Reputation: 2876
I'm facing this issue where I don't really know how to handle duplicate rows when joining two tables.
I have two tables I'd like to join
Value_x table :
ID Campaign Value_x
foo fb 1
foo twitter 3
bar fb 2
foobar ads 2
foo organic 3
Value_y table:
ID Campaign Value_y
foo organic 42
foobar organic 17
foo ads 12
foo twitter 23
bar twitter 35
Because of the Campaign column, ID are not unique in each table and for example, left join table output looks like this:
ID t1.Campaign t2.Campaign Value_x Value_y
foo fb organic 1 42
foo fb ads 1 12
Ideally I'd like to have the following output
ID t1.Campaign t2.Campaign Value_x Value_y
foo fb null 1 null
foo twitter twitter 3 23
foo organic organic 3 42
foo null ads null 12
How would you handle a situation like this?

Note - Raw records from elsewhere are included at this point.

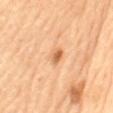subject: female, about 65 years old
location: the mid back
lesion size: ≈2 mm
automated lesion analysis: an eccentricity of roughly 0.75 and a shape-asymmetry score of about 0.15 (0 = symmetric); about 12 CIELAB-L* units darker than the surrounding skin and a normalized border contrast of about 7.5; internal color variation of about 2.5 on a 0–10 scale
lighting: cross-polarized
image: ~15 mm crop, total-body skin-cancer survey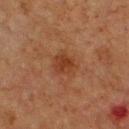The lesion was photographed on a routine skin check and not biopsied; there is no pathology result. Measured at roughly 3 mm in maximum diameter. Located on the chest. Captured under cross-polarized illumination. Automated tile analysis of the lesion measured a footprint of about 6.5 mm² and an eccentricity of roughly 0.5. The analysis additionally found a lesion color around L≈31 a*≈20 b*≈29 in CIELAB and a normalized border contrast of about 7. The software also gave a border-irregularity index near 2.5/10, a within-lesion color-variation index near 3/10, and radial color variation of about 1. A 15 mm close-up extracted from a 3D total-body photography capture. A male subject aged around 75.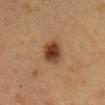Case summary:
- follow-up: imaged on a skin check; not biopsied
- site: the mid back
- automated lesion analysis: a lesion color around L≈36 a*≈20 b*≈30 in CIELAB, about 13 CIELAB-L* units darker than the surrounding skin, and a normalized lesion–skin contrast near 11
- lesion diameter: about 3.5 mm
- lighting: cross-polarized illumination
- image: total-body-photography crop, ~15 mm field of view
- subject: male, in their mid-50s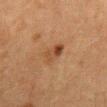Q: Lesion location?
A: the abdomen
Q: What kind of image is this?
A: total-body-photography crop, ~15 mm field of view
Q: What lighting was used for the tile?
A: cross-polarized illumination
Q: Lesion size?
A: ≈3 mm
Q: What did automated image analysis measure?
A: a mean CIELAB color near L≈38 a*≈19 b*≈30, a lesion–skin lightness drop of about 8, and a lesion-to-skin contrast of about 7 (normalized; higher = more distinct)
Q: Patient demographics?
A: female, in their 50s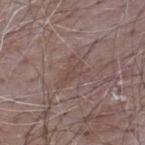Q: Lesion size?
A: about 3 mm
Q: Who is the patient?
A: male, aged 63–67
Q: How was this image acquired?
A: ~15 mm tile from a whole-body skin photo
Q: Where on the body is the lesion?
A: the upper back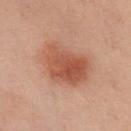workup = no biopsy performed (imaged during a skin exam); body site = the chest; image source = total-body-photography crop, ~15 mm field of view; subject = female, roughly 55 years of age.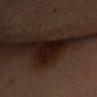<case>
  <biopsy_status>not biopsied; imaged during a skin examination</biopsy_status>
  <site>chest</site>
  <image>
    <source>total-body photography crop</source>
    <field_of_view_mm>15</field_of_view_mm>
  </image>
  <lighting>cross-polarized</lighting>
  <lesion_size>
    <long_diameter_mm_approx>7.0</long_diameter_mm_approx>
  </lesion_size>
  <patient>
    <sex>female</sex>
    <age_approx>60</age_approx>
  </patient>
</case>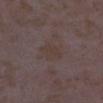follow-up = no biopsy performed (imaged during a skin exam) | anatomic site = the right lower leg | image-analysis metrics = a lesion color around L≈37 a*≈12 b*≈18 in CIELAB and about 4 CIELAB-L* units darker than the surrounding skin; an automated nevus-likeness rating near 0 out of 100 and a lesion-detection confidence of about 100/100 | acquisition = ~15 mm crop, total-body skin-cancer survey | subject = female, approximately 35 years of age.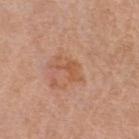A region of skin cropped from a whole-body photographic capture, roughly 15 mm wide. Imaged with white-light lighting. A female subject roughly 65 years of age. On the left lower leg.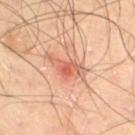- biopsy status — total-body-photography surveillance lesion; no biopsy
- lighting — cross-polarized
- diameter — about 5 mm
- subject — male, aged 68 to 72
- anatomic site — the right thigh
- acquisition — 15 mm crop, total-body photography
- automated metrics — a mean CIELAB color near L≈61 a*≈27 b*≈33, roughly 11 lightness units darker than nearby skin, and a normalized lesion–skin contrast near 7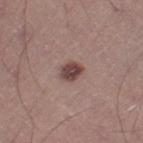Impression:
This lesion was catalogued during total-body skin photography and was not selected for biopsy.
Acquisition and patient details:
A 15 mm crop from a total-body photograph taken for skin-cancer surveillance. A male patient aged 43–47. Longest diameter approximately 2.5 mm. Imaged with white-light lighting. On the left thigh.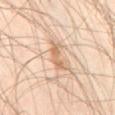| field | value |
|---|---|
| tile lighting | cross-polarized illumination |
| size | ≈3 mm |
| patient | male, roughly 45 years of age |
| TBP lesion metrics | an average lesion color of about L≈65 a*≈19 b*≈34 (CIELAB), a lesion–skin lightness drop of about 10, and a normalized border contrast of about 7 |
| imaging modality | ~15 mm tile from a whole-body skin photo |
| site | the lower back |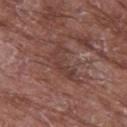workup: no biopsy performed (imaged during a skin exam)
image: 15 mm crop, total-body photography
body site: the left thigh
patient: male, about 65 years old
lighting: white-light illumination
diameter: about 5.5 mm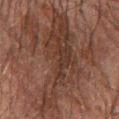| feature | finding |
|---|---|
| subject | male, aged approximately 70 |
| image source | total-body-photography crop, ~15 mm field of view |
| lighting | cross-polarized |
| image-analysis metrics | an area of roughly 37 mm²; a mean CIELAB color near L≈29 a*≈16 b*≈21 and about 7 CIELAB-L* units darker than the surrounding skin; internal color variation of about 4 on a 0–10 scale and peripheral color asymmetry of about 1.5 |
| location | the right forearm |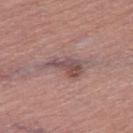<lesion>
  <biopsy_status>not biopsied; imaged during a skin examination</biopsy_status>
  <patient>
    <sex>female</sex>
    <age_approx>60</age_approx>
  </patient>
  <lesion_size>
    <long_diameter_mm_approx>5.5</long_diameter_mm_approx>
  </lesion_size>
  <site>right thigh</site>
  <image>
    <source>total-body photography crop</source>
    <field_of_view_mm>15</field_of_view_mm>
  </image>
  <automated_metrics>
    <area_mm2_approx>9.0</area_mm2_approx>
    <eccentricity>0.9</eccentricity>
    <shape_asymmetry>0.45</shape_asymmetry>
    <vs_skin_darker_L>10.0</vs_skin_darker_L>
    <nevus_likeness_0_100>5</nevus_likeness_0_100>
  </automated_metrics>
</lesion>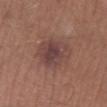Notes:
* biopsy status — catalogued during a skin exam; not biopsied
* size — ~4.5 mm (longest diameter)
* acquisition — ~15 mm crop, total-body skin-cancer survey
* anatomic site — the right lower leg
* patient — male, approximately 65 years of age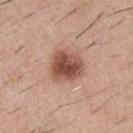  biopsy_status: not biopsied; imaged during a skin examination
  site: front of the torso
  image:
    source: total-body photography crop
    field_of_view_mm: 15
  patient:
    sex: male
    age_approx: 40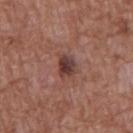- image: 15 mm crop, total-body photography
- subject: male, aged approximately 75
- lighting: white-light
- anatomic site: the chest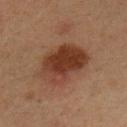{"biopsy_status": "not biopsied; imaged during a skin examination", "image": {"source": "total-body photography crop", "field_of_view_mm": 15}, "lighting": "cross-polarized", "lesion_size": {"long_diameter_mm_approx": 6.0}, "site": "chest", "patient": {"sex": "male", "age_approx": 35}}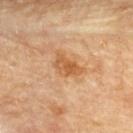<tbp_lesion>
  <biopsy_status>not biopsied; imaged during a skin examination</biopsy_status>
  <lesion_size>
    <long_diameter_mm_approx>3.5</long_diameter_mm_approx>
  </lesion_size>
  <lighting>cross-polarized</lighting>
  <image>
    <source>total-body photography crop</source>
    <field_of_view_mm>15</field_of_view_mm>
  </image>
  <site>upper back</site>
  <patient>
    <sex>male</sex>
    <age_approx>85+</age_approx>
  </patient>
</tbp_lesion>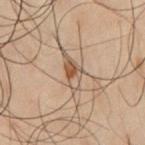Part of a total-body skin-imaging series; this lesion was reviewed on a skin check and was not flagged for biopsy. Longest diameter approximately 4 mm. A region of skin cropped from a whole-body photographic capture, roughly 15 mm wide. The lesion is on the chest. The subject is a male aged 48 to 52. This is a cross-polarized tile.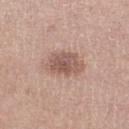{
  "biopsy_status": "not biopsied; imaged during a skin examination",
  "patient": {
    "sex": "female",
    "age_approx": 50
  },
  "site": "left lower leg",
  "image": {
    "source": "total-body photography crop",
    "field_of_view_mm": 15
  }
}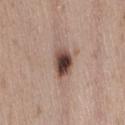No biopsy was performed on this lesion — it was imaged during a full skin examination and was not determined to be concerning. A 15 mm close-up tile from a total-body photography series done for melanoma screening. A female subject about 30 years old. The tile uses white-light illumination. Located on the back.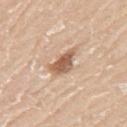{
  "biopsy_status": "not biopsied; imaged during a skin examination",
  "lesion_size": {
    "long_diameter_mm_approx": 4.0
  },
  "image": {
    "source": "total-body photography crop",
    "field_of_view_mm": 15
  },
  "lighting": "white-light",
  "patient": {
    "sex": "male",
    "age_approx": 60
  },
  "automated_metrics": {
    "cielab_L": 59,
    "cielab_a": 20,
    "cielab_b": 32,
    "vs_skin_darker_L": 14.0,
    "peripheral_color_asymmetry": 1.0
  },
  "site": "arm"
}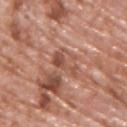Cropped from a total-body skin-imaging series; the visible field is about 15 mm.
Imaged with white-light lighting.
The lesion is on the upper back.
A male subject, aged approximately 70.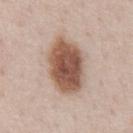The lesion was photographed on a routine skin check and not biopsied; there is no pathology result.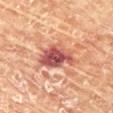follow-up — total-body-photography surveillance lesion; no biopsy | lighting — cross-polarized | image source — ~15 mm crop, total-body skin-cancer survey | anatomic site — the chest | patient — female, about 80 years old | TBP lesion metrics — an area of roughly 12 mm², an outline eccentricity of about 0.8 (0 = round, 1 = elongated), and a symmetry-axis asymmetry near 0.3; a lesion color around L≈49 a*≈28 b*≈25 in CIELAB, a lesion–skin lightness drop of about 15, and a normalized lesion–skin contrast near 11.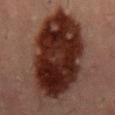  biopsy_status: not biopsied; imaged during a skin examination
  image:
    source: total-body photography crop
    field_of_view_mm: 15
  site: front of the torso
  patient:
    sex: male
    age_approx: 55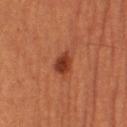| feature | finding |
|---|---|
| workup | imaged on a skin check; not biopsied |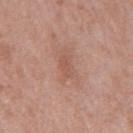follow-up: no biopsy performed (imaged during a skin exam) | site: the mid back | automated lesion analysis: an area of roughly 3 mm², an outline eccentricity of about 0.8 (0 = round, 1 = elongated), and two-axis asymmetry of about 0.3 | lesion size: ~2.5 mm (longest diameter) | acquisition: 15 mm crop, total-body photography | subject: male, in their 50s.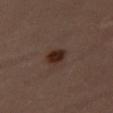No biopsy was performed on this lesion — it was imaged during a full skin examination and was not determined to be concerning. The lesion's longest dimension is about 2.5 mm. Imaged with cross-polarized lighting. On the right thigh. The subject is a female in their mid- to late 30s. The total-body-photography lesion software estimated border irregularity of about 1.5 on a 0–10 scale and radial color variation of about 0.5. A 15 mm crop from a total-body photograph taken for skin-cancer surveillance.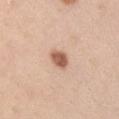Q: Is there a histopathology result?
A: no biopsy performed (imaged during a skin exam)
Q: Where on the body is the lesion?
A: the left upper arm
Q: How was this image acquired?
A: ~15 mm crop, total-body skin-cancer survey
Q: Automated lesion metrics?
A: an outline eccentricity of about 0.7 (0 = round, 1 = elongated); an average lesion color of about L≈58 a*≈22 b*≈31 (CIELAB), a lesion–skin lightness drop of about 16, and a lesion-to-skin contrast of about 10 (normalized; higher = more distinct); internal color variation of about 2.5 on a 0–10 scale and radial color variation of about 1; a classifier nevus-likeness of about 95/100 and lesion-presence confidence of about 100/100
Q: What is the lesion's diameter?
A: about 2.5 mm
Q: Who is the patient?
A: male, aged approximately 35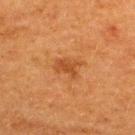{
  "biopsy_status": "not biopsied; imaged during a skin examination",
  "site": "upper back",
  "patient": {
    "sex": "female",
    "age_approx": 40
  },
  "automated_metrics": {
    "area_mm2_approx": 5.0,
    "shape_asymmetry": 0.35,
    "border_irregularity_0_10": 4.5,
    "color_variation_0_10": 1.5,
    "nevus_likeness_0_100": 15,
    "lesion_detection_confidence_0_100": 100
  },
  "lesion_size": {
    "long_diameter_mm_approx": 3.0
  },
  "lighting": "cross-polarized",
  "image": {
    "source": "total-body photography crop",
    "field_of_view_mm": 15
  }
}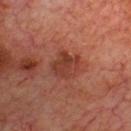Acquisition and patient details:
Imaged with cross-polarized lighting. A male patient roughly 70 years of age. The lesion-visualizer software estimated an area of roughly 9 mm², a shape eccentricity near 0.45, and two-axis asymmetry of about 0.2. It also reported a normalized border contrast of about 7. And it measured a border-irregularity rating of about 2.5/10, internal color variation of about 3 on a 0–10 scale, and radial color variation of about 1. And it measured a nevus-likeness score of about 20/100 and a detector confidence of about 100 out of 100 that the crop contains a lesion. Cropped from a whole-body photographic skin survey; the tile spans about 15 mm. On the chest.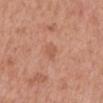| feature | finding |
|---|---|
| image | total-body-photography crop, ~15 mm field of view |
| subject | male, roughly 70 years of age |
| site | the back |
| lesion diameter | ~3 mm (longest diameter) |
| tile lighting | white-light illumination |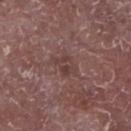Part of a total-body skin-imaging series; this lesion was reviewed on a skin check and was not flagged for biopsy.
A male patient, aged around 65.
Captured under white-light illumination.
An algorithmic analysis of the crop reported a lesion-to-skin contrast of about 6 (normalized; higher = more distinct). It also reported a peripheral color-asymmetry measure near 1.5.
A 15 mm close-up tile from a total-body photography series done for melanoma screening.
On the right lower leg.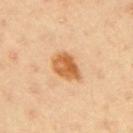follow-up = imaged on a skin check; not biopsied
image source = ~15 mm crop, total-body skin-cancer survey
location = the right upper arm
lighting = cross-polarized
subject = male, in their 40s
lesion diameter = ≈3.5 mm
TBP lesion metrics = a lesion color around L≈62 a*≈25 b*≈44 in CIELAB and a lesion–skin lightness drop of about 14; a border-irregularity index near 2/10, a within-lesion color-variation index near 6/10, and a peripheral color-asymmetry measure near 2; a nevus-likeness score of about 100/100 and lesion-presence confidence of about 100/100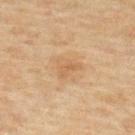biopsy status: no biopsy performed (imaged during a skin exam) | lesion diameter: ~3 mm (longest diameter) | acquisition: ~15 mm crop, total-body skin-cancer survey | lighting: cross-polarized illumination | subject: male, aged 43 to 47 | body site: the upper back | automated lesion analysis: a lesion color around L≈52 a*≈16 b*≈33 in CIELAB and a lesion-to-skin contrast of about 5 (normalized; higher = more distinct); a border-irregularity rating of about 4.5/10, internal color variation of about 1.5 on a 0–10 scale, and a peripheral color-asymmetry measure near 0.5.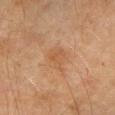Captured under cross-polarized illumination.
From the right forearm.
An algorithmic analysis of the crop reported a lesion area of about 5.5 mm², an outline eccentricity of about 0.55 (0 = round, 1 = elongated), and a symmetry-axis asymmetry near 0.3. It also reported an automated nevus-likeness rating near 0 out of 100.
The lesion's longest dimension is about 3 mm.
A lesion tile, about 15 mm wide, cut from a 3D total-body photograph.
The subject is a female about 70 years old.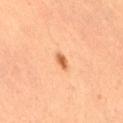Assessment:
The lesion was tiled from a total-body skin photograph and was not biopsied.
Background:
A female subject roughly 35 years of age. The lesion is located on the right thigh. A 15 mm close-up extracted from a 3D total-body photography capture.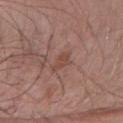Case summary:
– notes · no biopsy performed (imaged during a skin exam)
– subject · male, aged 53–57
– image · ~15 mm tile from a whole-body skin photo
– body site · the right forearm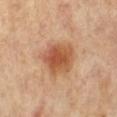Q: Is there a histopathology result?
A: imaged on a skin check; not biopsied
Q: What are the patient's age and sex?
A: female, aged 63–67
Q: What is the anatomic site?
A: the right leg
Q: What is the lesion's diameter?
A: about 4.5 mm
Q: Illumination type?
A: cross-polarized illumination
Q: What kind of image is this?
A: ~15 mm crop, total-body skin-cancer survey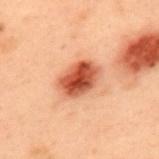The lesion was photographed on a routine skin check and not biopsied; there is no pathology result.
A 15 mm close-up tile from a total-body photography series done for melanoma screening.
Automated tile analysis of the lesion measured a border-irregularity index near 1/10.
On the upper back.
Captured under cross-polarized illumination.
A male patient roughly 55 years of age.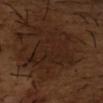Q: Is there a histopathology result?
A: imaged on a skin check; not biopsied
Q: Who is the patient?
A: male, aged approximately 65
Q: What is the lesion's diameter?
A: about 7 mm
Q: Where on the body is the lesion?
A: the right forearm
Q: How was this image acquired?
A: ~15 mm crop, total-body skin-cancer survey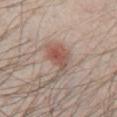Impression: Part of a total-body skin-imaging series; this lesion was reviewed on a skin check and was not flagged for biopsy. Context: A lesion tile, about 15 mm wide, cut from a 3D total-body photograph. The total-body-photography lesion software estimated a mean CIELAB color near L≈54 a*≈19 b*≈25 and about 9 CIELAB-L* units darker than the surrounding skin. A male patient, aged around 40. The lesion is located on the front of the torso. The lesion's longest dimension is about 5 mm. Imaged with white-light lighting.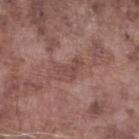Captured during whole-body skin photography for melanoma surveillance; the lesion was not biopsied.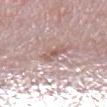An algorithmic analysis of the crop reported a mean CIELAB color near L≈58 a*≈20 b*≈23, about 9 CIELAB-L* units darker than the surrounding skin, and a normalized lesion–skin contrast near 6.5. The analysis additionally found a border-irregularity index near 3/10, a color-variation rating of about 2.5/10, and a peripheral color-asymmetry measure near 0.5.
On the left lower leg.
A female patient, about 40 years old.
A 15 mm close-up extracted from a 3D total-body photography capture.
The tile uses white-light illumination.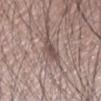Captured during whole-body skin photography for melanoma surveillance; the lesion was not biopsied.
This is a white-light tile.
The patient is a male roughly 50 years of age.
From the right forearm.
This image is a 15 mm lesion crop taken from a total-body photograph.
Approximately 3 mm at its widest.
Automated image analysis of the tile measured a lesion area of about 5 mm², an eccentricity of roughly 0.8, and a symmetry-axis asymmetry near 0.35. The software also gave a border-irregularity rating of about 3.5/10, a color-variation rating of about 2.5/10, and radial color variation of about 1. The software also gave a classifier nevus-likeness of about 5/100 and lesion-presence confidence of about 85/100.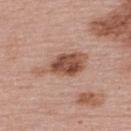Notes:
* biopsy status: catalogued during a skin exam; not biopsied
* anatomic site: the back
* subject: female, in their 50s
* image-analysis metrics: a mean CIELAB color near L≈51 a*≈22 b*≈28 and roughly 14 lightness units darker than nearby skin; a detector confidence of about 100 out of 100 that the crop contains a lesion
* lesion diameter: about 6 mm
* image: total-body-photography crop, ~15 mm field of view
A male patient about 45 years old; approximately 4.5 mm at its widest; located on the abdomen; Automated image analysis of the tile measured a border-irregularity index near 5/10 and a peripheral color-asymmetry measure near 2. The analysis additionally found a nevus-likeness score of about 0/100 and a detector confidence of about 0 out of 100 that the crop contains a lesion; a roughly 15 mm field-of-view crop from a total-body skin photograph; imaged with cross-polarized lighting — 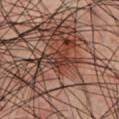On biopsy, histopathology showed a dysplastic (Clark) nevus.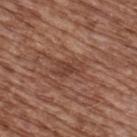follow-up: total-body-photography surveillance lesion; no biopsy | automated metrics: an area of roughly 5 mm², an outline eccentricity of about 0.85 (0 = round, 1 = elongated), and a shape-asymmetry score of about 0.3 (0 = symmetric); an average lesion color of about L≈41 a*≈22 b*≈27 (CIELAB), roughly 8 lightness units darker than nearby skin, and a lesion-to-skin contrast of about 6.5 (normalized; higher = more distinct); an automated nevus-likeness rating near 5 out of 100 and lesion-presence confidence of about 90/100 | subject: male, in their mid-70s | anatomic site: the back | image source: ~15 mm crop, total-body skin-cancer survey | lesion diameter: ~3.5 mm (longest diameter).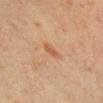{
  "patient": {
    "sex": "female",
    "age_approx": 40
  },
  "site": "chest",
  "lighting": "cross-polarized",
  "automated_metrics": {
    "eccentricity": 0.9,
    "border_irregularity_0_10": 2.5,
    "color_variation_0_10": 1.0
  },
  "image": {
    "source": "total-body photography crop",
    "field_of_view_mm": 15
  },
  "lesion_size": {
    "long_diameter_mm_approx": 3.0
  }
}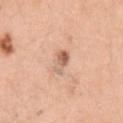{
  "biopsy_status": "not biopsied; imaged during a skin examination",
  "site": "left upper arm",
  "patient": {
    "sex": "female",
    "age_approx": 45
  },
  "image": {
    "source": "total-body photography crop",
    "field_of_view_mm": 15
  }
}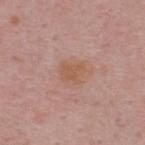notes = imaged on a skin check; not biopsied | diameter = about 3.5 mm | site = the upper back | subject = male, about 50 years old | image source = 15 mm crop, total-body photography | illumination = white-light illumination.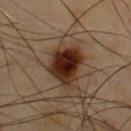Background:
A 15 mm close-up tile from a total-body photography series done for melanoma screening. An algorithmic analysis of the crop reported a footprint of about 13 mm² and a shape eccentricity near 0.7. The software also gave a mean CIELAB color near L≈20 a*≈16 b*≈21 and a normalized border contrast of about 16. Captured under cross-polarized illumination. Approximately 5 mm at its widest. A male patient, about 55 years old. Located on the chest.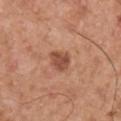Q: Was this lesion biopsied?
A: total-body-photography surveillance lesion; no biopsy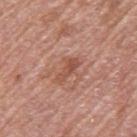follow-up: total-body-photography surveillance lesion; no biopsy | site: the left upper arm | image source: 15 mm crop, total-body photography | subject: female, approximately 60 years of age | automated lesion analysis: a mean CIELAB color near L≈51 a*≈24 b*≈29 and a lesion-to-skin contrast of about 6 (normalized; higher = more distinct); a color-variation rating of about 2/10 and radial color variation of about 0.5; an automated nevus-likeness rating near 0 out of 100 and lesion-presence confidence of about 100/100 | lesion diameter: about 3.5 mm.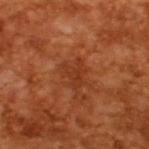| key | value |
|---|---|
| notes | catalogued during a skin exam; not biopsied |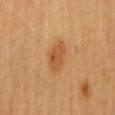workup = no biopsy performed (imaged during a skin exam) | patient = female, roughly 60 years of age | illumination = cross-polarized | location = the mid back | lesion size = ≈3.5 mm | acquisition = total-body-photography crop, ~15 mm field of view.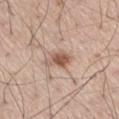| field | value |
|---|---|
| follow-up | total-body-photography surveillance lesion; no biopsy |
| patient | male, aged 58 to 62 |
| image | ~15 mm tile from a whole-body skin photo |
| site | the right thigh |
| diameter | about 3.5 mm |
| lighting | white-light |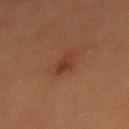Impression:
This lesion was catalogued during total-body skin photography and was not selected for biopsy.
Clinical summary:
A male patient about 40 years old. A 15 mm close-up extracted from a 3D total-body photography capture. About 2.5 mm across. The lesion is on the back.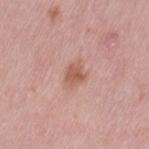Imaged during a routine full-body skin examination; the lesion was not biopsied and no histopathology is available.
The recorded lesion diameter is about 3 mm.
On the left thigh.
The subject is a female roughly 40 years of age.
A close-up tile cropped from a whole-body skin photograph, about 15 mm across.
An algorithmic analysis of the crop reported an area of roughly 5 mm², a shape eccentricity near 0.6, and two-axis asymmetry of about 0.3. The analysis additionally found a lesion color around L≈57 a*≈24 b*≈28 in CIELAB, roughly 10 lightness units darker than nearby skin, and a normalized lesion–skin contrast near 7. And it measured border irregularity of about 3 on a 0–10 scale and a color-variation rating of about 2.5/10.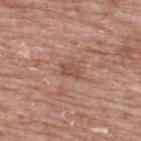<case>
<biopsy_status>not biopsied; imaged during a skin examination</biopsy_status>
<image>
  <source>total-body photography crop</source>
  <field_of_view_mm>15</field_of_view_mm>
</image>
<patient>
  <sex>male</sex>
  <age_approx>65</age_approx>
</patient>
<lighting>white-light</lighting>
<lesion_size>
  <long_diameter_mm_approx>2.5</long_diameter_mm_approx>
</lesion_size>
<site>upper back</site>
</case>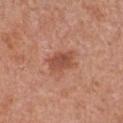This lesion was catalogued during total-body skin photography and was not selected for biopsy.
Located on the chest.
A female subject, aged 48 to 52.
A lesion tile, about 15 mm wide, cut from a 3D total-body photograph.
The total-body-photography lesion software estimated border irregularity of about 2.5 on a 0–10 scale, a within-lesion color-variation index near 2.5/10, and radial color variation of about 0.5. The analysis additionally found an automated nevus-likeness rating near 80 out of 100 and lesion-presence confidence of about 100/100.
The tile uses white-light illumination.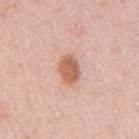• workup · catalogued during a skin exam; not biopsied
• lighting · white-light
• location · the right upper arm
• lesion size · about 3 mm
• acquisition · total-body-photography crop, ~15 mm field of view
• patient · female, aged approximately 30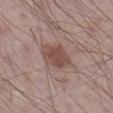Impression:
No biopsy was performed on this lesion — it was imaged during a full skin examination and was not determined to be concerning.
Acquisition and patient details:
About 4 mm across. A male patient, aged around 60. On the right lower leg. A roughly 15 mm field-of-view crop from a total-body skin photograph. The tile uses white-light illumination.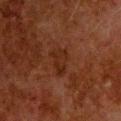No biopsy was performed on this lesion — it was imaged during a full skin examination and was not determined to be concerning.
Automated tile analysis of the lesion measured an area of roughly 5.5 mm², an outline eccentricity of about 0.85 (0 = round, 1 = elongated), and two-axis asymmetry of about 0.4. The software also gave a nevus-likeness score of about 0/100.
Imaged with cross-polarized lighting.
Located on the head or neck.
This image is a 15 mm lesion crop taken from a total-body photograph.
About 3.5 mm across.
A male patient in their 80s.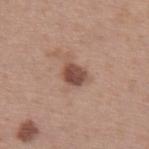Recorded during total-body skin imaging; not selected for excision or biopsy. A region of skin cropped from a whole-body photographic capture, roughly 15 mm wide. Imaged with white-light lighting. The subject is a male aged 43–47. From the left upper arm. Automated image analysis of the tile measured an automated nevus-likeness rating near 70 out of 100 and a detector confidence of about 100 out of 100 that the crop contains a lesion. Measured at roughly 3 mm in maximum diameter.

I read something about foreign keys
... I'm not familiar with this concept how can it help in this context? Or is there a way to perform a join at the campaign level?
Upvotes: 0
Views: 942
Reputation: 173046
Below is for BigQuery Standard SQL
#standardSQL
SELECT ID,
x.Campaign AS Campaign_x,
y.Campaign AS Campaign_y,
Value_x,
Value_y
FROM `project.dataset.tableX` x
FULL OUTER JOIN `project.dataset.tableY` y
USING(ID, Campaign)
You can test, play with above using sample data from your questions as in below example
#standardSQL
WITH `project.dataset.tableX` AS (
SELECT 'foo' ID, 'fb' Campaign, 1 Value_x UNION ALL
SELECT 'foo', 'twitter', 3 UNION ALL
SELECT 'bar', 'fb', 2 UNION ALL
SELECT 'foobar', 'ads', 2 UNION ALL
SELECT 'foo', 'organic', 3
), `project.dataset.tableY` AS (
SELECT 'foo' ID, 'organic' Campaign, 42 Value_y UNION ALL
SELECT 'foobar', 'organic', 17 UNION ALL
SELECT 'foo', 'ads', 12 UNION ALL
SELECT 'foo', 'twitter', 23 UNION ALL
SELECT 'bar', 'twitter', 35
)
SELECT ID,
x.Campaign AS Campaign_x,
y.Campaign AS Campaign_y,
Value_x,
Value_y
FROM `project.dataset.tableX` x
FULL OUTER JOIN `project.dataset.tableY` y
USING(ID, Campaign)
-- ORDER BY ID
with result
Row ID Campaign_x Campaign_y Value_x Value_y
1 bar fb null 2 null
2 bar null twitter null 35
3 foo fb null 1 null
4 foo twitter twitter 3 23
5 foo organic organic 3 42
6 foo null ads null 12
7 foobar ads null 2 null
8 foobar null organic null 17
Upvotes: 2
Reputation: 11205
Looks like you want a full outer join
, using campaign as a condition:
select coalesce(t1.id, t2.id) as id,
t1.campaign as t1_campaign,
t2.campaign as t2_campaign,
Value_x,
Value_y
from t1
full outer join t2
on t1.id = t2.id
and t1.campaign = t2.campaign
Upvotes: 2